Re: Unhappy about API changes in the no-fsm-for-small-rels patch - Mailing list pgsql-hackers

From Andres Freund
Subject Re: Unhappy about API changes in the no-fsm-for-small-rels patch
Date
Msg-id 20190507160656.7nd4yebxcwe2n4of@alap3.anarazel.de
Whole thread Raw
In response to Re: Unhappy about API changes in the no-fsm-for-small-rels patch  (Tom Lane <tgl@sss.pgh.pa.us>)
Responses Re: Unhappy about API changes in the no-fsm-for-small-rels patch  (Tom Lane <tgl@sss.pgh.pa.us>)
List pgsql-hackers
Hi,

On 2019-05-07 12:04:11 -0400, Tom Lane wrote:
> Andres Freund <andres@anarazel.de> writes:
> > On 2019-05-07 09:34:42 -0400, Tom Lane wrote:
> >> I'm inclined to wonder why bother with invals at all.
> 
> > But when updating the free space for the first four blocks, we're going
> > to either have to do an smgrexists() to check whether somebody
> > concurrently created the FSM, or we might not update an existing FSM. An
> > inval seems much better.
> 
> I do not think sinval messaging is going to be sufficient to avoid that
> problem.  sinval is only useful to tell you about changes if you first
> take a lock strong enough to guarantee that no interesting change is
> happening while you hold the lock.  We are certainly not going to let
> writes take an exclusive lock, so I don't see how we could be certain
> that we've seen an sinval message telling us about FSM status change.

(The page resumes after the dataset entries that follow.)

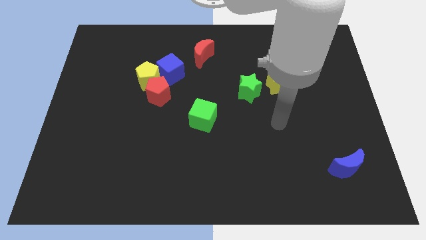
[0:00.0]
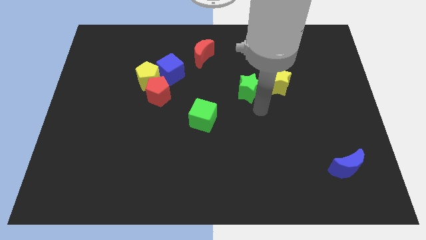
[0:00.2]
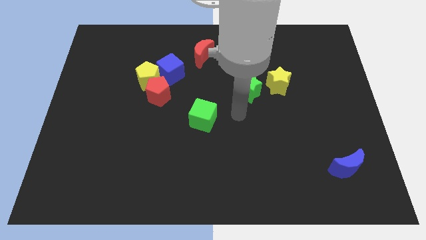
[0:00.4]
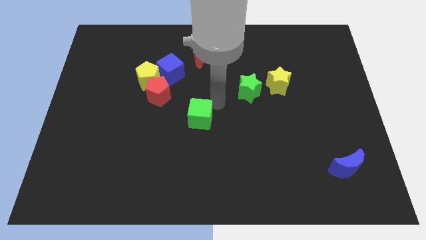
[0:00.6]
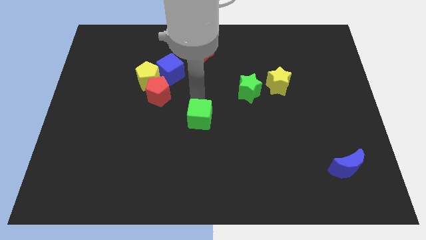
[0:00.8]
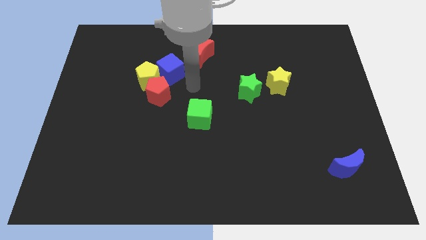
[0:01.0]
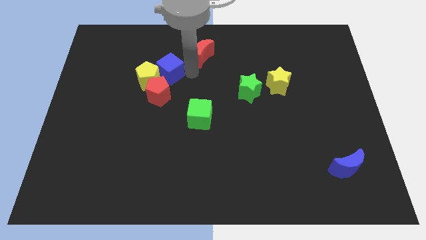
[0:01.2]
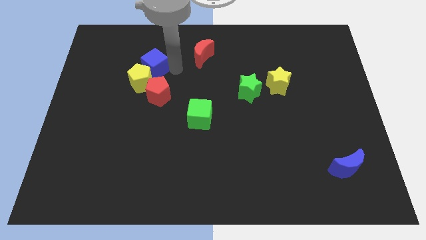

Sure, but it'll be pretty darn close, rather than there basically not
being any limit except backend lifetime to how long we might not notice
that we'd need to switch to the on-disk FSM.


> This seems tied into the idea we've occasionally speculated about
> of tracking relation sizes in shared memory to avoid lseek calls.
> If we could solve the problems around that, it'd provide a cheap(er)
> way to detect whether an FSM should exist or not.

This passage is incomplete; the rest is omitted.